Write each line again exactly as it is, from the opening line of the records below through the one containing "longitude: 13.8363", and add nothing.

# # # # # # #

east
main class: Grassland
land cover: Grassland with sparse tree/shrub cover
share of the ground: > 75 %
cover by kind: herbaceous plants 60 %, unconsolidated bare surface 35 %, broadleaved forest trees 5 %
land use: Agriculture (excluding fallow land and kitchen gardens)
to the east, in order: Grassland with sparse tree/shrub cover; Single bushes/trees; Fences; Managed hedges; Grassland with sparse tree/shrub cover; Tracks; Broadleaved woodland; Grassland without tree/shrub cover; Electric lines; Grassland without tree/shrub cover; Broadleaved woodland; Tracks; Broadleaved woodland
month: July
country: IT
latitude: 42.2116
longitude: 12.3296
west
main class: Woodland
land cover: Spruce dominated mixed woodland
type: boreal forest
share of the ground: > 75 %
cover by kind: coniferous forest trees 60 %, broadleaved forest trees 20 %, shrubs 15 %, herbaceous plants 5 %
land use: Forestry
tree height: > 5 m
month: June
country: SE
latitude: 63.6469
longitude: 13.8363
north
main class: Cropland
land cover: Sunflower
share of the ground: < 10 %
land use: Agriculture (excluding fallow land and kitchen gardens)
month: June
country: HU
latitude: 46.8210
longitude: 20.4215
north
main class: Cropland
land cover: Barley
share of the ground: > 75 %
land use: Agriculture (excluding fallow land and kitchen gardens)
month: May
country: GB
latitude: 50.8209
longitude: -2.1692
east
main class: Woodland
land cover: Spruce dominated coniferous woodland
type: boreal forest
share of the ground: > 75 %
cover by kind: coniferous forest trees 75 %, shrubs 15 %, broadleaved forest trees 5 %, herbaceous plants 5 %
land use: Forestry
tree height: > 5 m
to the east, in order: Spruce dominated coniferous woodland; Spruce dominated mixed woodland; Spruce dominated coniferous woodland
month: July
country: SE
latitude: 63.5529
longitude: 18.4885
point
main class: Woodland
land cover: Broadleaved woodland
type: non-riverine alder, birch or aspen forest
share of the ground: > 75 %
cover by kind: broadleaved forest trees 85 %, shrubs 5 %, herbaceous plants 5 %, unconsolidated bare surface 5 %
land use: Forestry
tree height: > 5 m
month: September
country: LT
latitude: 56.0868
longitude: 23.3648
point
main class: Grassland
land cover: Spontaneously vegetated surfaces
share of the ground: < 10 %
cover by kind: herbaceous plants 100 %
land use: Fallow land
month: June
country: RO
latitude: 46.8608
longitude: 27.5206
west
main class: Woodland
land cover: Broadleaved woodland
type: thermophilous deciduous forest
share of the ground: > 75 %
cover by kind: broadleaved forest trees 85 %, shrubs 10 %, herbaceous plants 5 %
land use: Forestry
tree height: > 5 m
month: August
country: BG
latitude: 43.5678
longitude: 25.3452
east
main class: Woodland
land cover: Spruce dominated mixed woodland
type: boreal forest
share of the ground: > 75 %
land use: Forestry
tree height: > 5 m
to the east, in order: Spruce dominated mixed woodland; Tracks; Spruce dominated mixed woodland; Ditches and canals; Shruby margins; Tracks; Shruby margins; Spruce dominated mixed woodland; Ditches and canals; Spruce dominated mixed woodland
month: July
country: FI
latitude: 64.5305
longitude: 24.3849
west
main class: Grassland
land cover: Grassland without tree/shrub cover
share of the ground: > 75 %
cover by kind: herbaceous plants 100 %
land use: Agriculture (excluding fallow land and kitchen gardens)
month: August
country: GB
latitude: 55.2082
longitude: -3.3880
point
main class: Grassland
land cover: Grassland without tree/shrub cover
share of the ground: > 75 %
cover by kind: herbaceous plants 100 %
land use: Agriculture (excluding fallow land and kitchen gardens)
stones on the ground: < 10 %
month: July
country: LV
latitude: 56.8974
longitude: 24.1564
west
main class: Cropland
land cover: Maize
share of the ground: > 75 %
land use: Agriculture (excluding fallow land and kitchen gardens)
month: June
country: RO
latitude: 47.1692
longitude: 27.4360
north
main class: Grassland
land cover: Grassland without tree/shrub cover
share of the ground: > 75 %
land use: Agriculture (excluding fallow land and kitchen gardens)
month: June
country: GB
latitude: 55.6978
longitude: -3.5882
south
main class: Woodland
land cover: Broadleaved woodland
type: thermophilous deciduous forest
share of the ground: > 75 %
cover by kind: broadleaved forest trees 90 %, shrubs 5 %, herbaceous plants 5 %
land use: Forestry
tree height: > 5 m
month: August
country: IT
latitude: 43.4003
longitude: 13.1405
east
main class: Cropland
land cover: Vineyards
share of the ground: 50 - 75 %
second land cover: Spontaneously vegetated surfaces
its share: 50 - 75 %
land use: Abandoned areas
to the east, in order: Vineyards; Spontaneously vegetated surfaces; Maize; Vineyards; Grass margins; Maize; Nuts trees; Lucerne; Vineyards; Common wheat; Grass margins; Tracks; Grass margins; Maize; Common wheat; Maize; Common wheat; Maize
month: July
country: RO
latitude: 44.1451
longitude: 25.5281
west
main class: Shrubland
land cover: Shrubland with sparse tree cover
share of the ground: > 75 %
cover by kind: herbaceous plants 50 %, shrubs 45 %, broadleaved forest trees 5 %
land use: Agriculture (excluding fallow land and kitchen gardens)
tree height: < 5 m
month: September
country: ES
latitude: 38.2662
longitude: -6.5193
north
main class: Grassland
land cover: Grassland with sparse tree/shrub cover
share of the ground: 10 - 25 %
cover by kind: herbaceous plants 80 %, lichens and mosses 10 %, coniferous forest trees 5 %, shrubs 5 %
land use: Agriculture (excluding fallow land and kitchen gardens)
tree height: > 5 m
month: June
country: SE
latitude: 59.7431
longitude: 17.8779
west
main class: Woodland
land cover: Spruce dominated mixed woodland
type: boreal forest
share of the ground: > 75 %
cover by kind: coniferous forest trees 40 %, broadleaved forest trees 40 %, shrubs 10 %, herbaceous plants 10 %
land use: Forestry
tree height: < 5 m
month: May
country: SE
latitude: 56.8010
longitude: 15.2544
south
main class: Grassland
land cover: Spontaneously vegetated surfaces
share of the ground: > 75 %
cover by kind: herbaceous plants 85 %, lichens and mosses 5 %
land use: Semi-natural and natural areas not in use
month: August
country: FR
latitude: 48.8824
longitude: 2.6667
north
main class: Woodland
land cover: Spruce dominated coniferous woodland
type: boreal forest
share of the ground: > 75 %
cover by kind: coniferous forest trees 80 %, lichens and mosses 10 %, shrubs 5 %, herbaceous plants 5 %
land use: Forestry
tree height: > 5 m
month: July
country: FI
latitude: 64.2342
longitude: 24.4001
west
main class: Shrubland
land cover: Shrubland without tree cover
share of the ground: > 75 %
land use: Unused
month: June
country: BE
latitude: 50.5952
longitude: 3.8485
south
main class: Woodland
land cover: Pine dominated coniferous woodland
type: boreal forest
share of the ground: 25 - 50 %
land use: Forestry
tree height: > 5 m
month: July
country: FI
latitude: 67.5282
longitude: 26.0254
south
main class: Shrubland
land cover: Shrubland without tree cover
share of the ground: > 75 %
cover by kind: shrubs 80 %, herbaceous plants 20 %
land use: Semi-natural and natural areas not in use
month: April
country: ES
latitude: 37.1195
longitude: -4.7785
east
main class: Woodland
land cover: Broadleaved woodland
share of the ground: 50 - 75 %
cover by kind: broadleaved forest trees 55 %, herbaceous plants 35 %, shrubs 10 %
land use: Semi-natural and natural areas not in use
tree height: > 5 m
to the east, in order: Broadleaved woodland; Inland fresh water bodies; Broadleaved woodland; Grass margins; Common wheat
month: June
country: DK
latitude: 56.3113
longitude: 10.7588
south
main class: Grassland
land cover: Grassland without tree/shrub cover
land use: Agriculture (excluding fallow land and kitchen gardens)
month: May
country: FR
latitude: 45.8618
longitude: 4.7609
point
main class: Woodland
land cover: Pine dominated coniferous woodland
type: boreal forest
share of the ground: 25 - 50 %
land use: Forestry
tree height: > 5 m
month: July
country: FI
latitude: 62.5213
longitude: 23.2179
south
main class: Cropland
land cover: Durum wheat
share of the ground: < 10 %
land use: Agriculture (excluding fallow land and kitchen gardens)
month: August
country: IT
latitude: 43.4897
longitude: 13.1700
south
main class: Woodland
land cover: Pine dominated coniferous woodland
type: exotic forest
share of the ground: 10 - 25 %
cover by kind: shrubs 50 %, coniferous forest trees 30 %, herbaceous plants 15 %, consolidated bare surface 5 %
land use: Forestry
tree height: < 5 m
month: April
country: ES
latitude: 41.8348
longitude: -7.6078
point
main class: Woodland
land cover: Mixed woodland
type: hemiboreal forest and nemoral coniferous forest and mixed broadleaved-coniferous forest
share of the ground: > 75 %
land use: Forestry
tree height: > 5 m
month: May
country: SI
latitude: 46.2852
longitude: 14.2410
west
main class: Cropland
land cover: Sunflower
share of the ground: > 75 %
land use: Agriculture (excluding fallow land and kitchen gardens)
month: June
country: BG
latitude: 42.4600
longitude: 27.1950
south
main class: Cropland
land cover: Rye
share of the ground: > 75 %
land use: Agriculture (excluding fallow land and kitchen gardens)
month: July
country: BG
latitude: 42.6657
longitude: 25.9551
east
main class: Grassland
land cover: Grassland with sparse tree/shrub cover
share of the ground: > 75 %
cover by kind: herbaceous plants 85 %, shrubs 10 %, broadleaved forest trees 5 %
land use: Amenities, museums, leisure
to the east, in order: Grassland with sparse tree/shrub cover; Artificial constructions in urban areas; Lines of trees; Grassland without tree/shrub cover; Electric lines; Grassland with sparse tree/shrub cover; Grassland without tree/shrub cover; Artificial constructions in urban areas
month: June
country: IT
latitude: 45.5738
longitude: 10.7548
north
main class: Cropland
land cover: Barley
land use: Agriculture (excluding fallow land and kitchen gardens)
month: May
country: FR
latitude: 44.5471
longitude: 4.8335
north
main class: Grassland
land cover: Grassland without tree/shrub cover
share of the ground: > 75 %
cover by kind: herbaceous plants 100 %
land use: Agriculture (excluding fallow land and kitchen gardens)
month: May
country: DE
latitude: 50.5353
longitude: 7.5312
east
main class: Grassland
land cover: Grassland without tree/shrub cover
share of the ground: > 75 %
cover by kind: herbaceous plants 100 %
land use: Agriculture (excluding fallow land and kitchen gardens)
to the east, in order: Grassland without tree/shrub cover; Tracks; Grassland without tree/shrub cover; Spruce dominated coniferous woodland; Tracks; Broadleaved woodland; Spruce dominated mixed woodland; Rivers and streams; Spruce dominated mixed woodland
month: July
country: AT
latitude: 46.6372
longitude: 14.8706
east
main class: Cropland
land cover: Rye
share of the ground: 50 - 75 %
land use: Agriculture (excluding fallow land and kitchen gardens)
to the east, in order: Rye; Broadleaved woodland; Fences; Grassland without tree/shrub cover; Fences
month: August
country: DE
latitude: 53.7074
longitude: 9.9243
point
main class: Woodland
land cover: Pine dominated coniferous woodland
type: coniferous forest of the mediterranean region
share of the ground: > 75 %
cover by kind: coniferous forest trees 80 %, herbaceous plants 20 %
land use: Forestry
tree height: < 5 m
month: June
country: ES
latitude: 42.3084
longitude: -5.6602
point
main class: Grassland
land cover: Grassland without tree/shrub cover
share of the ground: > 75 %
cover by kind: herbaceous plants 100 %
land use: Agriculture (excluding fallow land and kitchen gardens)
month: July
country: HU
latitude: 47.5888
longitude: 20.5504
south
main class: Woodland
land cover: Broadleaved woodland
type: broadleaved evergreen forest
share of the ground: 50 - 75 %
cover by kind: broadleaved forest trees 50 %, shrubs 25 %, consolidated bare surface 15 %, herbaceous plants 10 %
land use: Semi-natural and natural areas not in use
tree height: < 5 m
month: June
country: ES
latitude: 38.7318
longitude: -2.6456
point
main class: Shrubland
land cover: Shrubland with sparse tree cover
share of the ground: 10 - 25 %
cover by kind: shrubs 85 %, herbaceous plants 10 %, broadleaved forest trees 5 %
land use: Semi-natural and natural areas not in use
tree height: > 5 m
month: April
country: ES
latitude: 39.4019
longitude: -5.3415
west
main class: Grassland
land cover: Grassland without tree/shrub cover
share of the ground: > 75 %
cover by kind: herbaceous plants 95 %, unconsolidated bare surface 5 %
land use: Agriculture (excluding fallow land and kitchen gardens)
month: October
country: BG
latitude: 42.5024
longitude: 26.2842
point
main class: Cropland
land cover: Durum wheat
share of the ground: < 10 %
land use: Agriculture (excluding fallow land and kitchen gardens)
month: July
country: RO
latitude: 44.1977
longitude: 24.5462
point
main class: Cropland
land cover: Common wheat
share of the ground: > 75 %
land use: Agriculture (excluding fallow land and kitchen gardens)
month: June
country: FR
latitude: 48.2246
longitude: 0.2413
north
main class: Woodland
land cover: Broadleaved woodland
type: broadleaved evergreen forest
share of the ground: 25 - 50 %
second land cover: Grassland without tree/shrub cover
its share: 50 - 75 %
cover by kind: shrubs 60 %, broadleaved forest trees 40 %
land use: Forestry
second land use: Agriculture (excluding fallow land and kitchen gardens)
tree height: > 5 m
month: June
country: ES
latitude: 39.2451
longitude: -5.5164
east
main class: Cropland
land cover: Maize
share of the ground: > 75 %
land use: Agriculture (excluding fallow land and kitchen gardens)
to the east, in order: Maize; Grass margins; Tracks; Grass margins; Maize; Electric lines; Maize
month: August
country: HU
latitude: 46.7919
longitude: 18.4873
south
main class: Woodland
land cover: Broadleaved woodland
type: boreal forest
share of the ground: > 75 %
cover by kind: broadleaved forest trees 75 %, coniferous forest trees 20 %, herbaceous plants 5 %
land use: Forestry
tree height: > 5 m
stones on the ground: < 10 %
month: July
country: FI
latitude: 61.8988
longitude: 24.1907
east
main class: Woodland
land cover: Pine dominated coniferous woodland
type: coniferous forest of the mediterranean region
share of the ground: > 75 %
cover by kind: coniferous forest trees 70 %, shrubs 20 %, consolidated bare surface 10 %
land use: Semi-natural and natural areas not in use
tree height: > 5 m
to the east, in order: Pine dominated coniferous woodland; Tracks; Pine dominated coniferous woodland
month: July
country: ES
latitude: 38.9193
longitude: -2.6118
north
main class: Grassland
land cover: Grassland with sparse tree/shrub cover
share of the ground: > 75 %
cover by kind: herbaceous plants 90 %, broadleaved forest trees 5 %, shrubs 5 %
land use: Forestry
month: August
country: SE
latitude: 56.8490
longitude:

# # # # # # #

RESPONSE —
east
main class: Grassland
land cover: Grassland with sparse tree/shrub cover
share of the ground: > 75 %
cover by kind: herbaceous plants 60 %, unconsolidated bare surface 35 %, broadleaved forest trees 5 %
land use: Agriculture (excluding fallow land and kitchen gardens)
to the east, in order: Grassland with sparse tree/shrub cover; Single bushes/trees; Fences; Managed hedges; Grassland with sparse tree/shrub cover; Tracks; Broadleaved woodland; Grassland without tree/shrub cover; Electric lines; Grassland without tree/shrub cover; Broadleaved woodland; Tracks; Broadleaved woodland
month: July
country: IT
latitude: 42.2116
longitude: 12.3296
west
main class: Woodland
land cover: Spruce dominated mixed woodland
type: boreal forest
share of the ground: > 75 %
cover by kind: coniferous forest trees 60 %, broadleaved forest trees 20 %, shrubs 15 %, herbaceous plants 5 %
land use: Forestry
tree height: > 5 m
month: June
country: SE
latitude: 63.6469
longitude: 13.8363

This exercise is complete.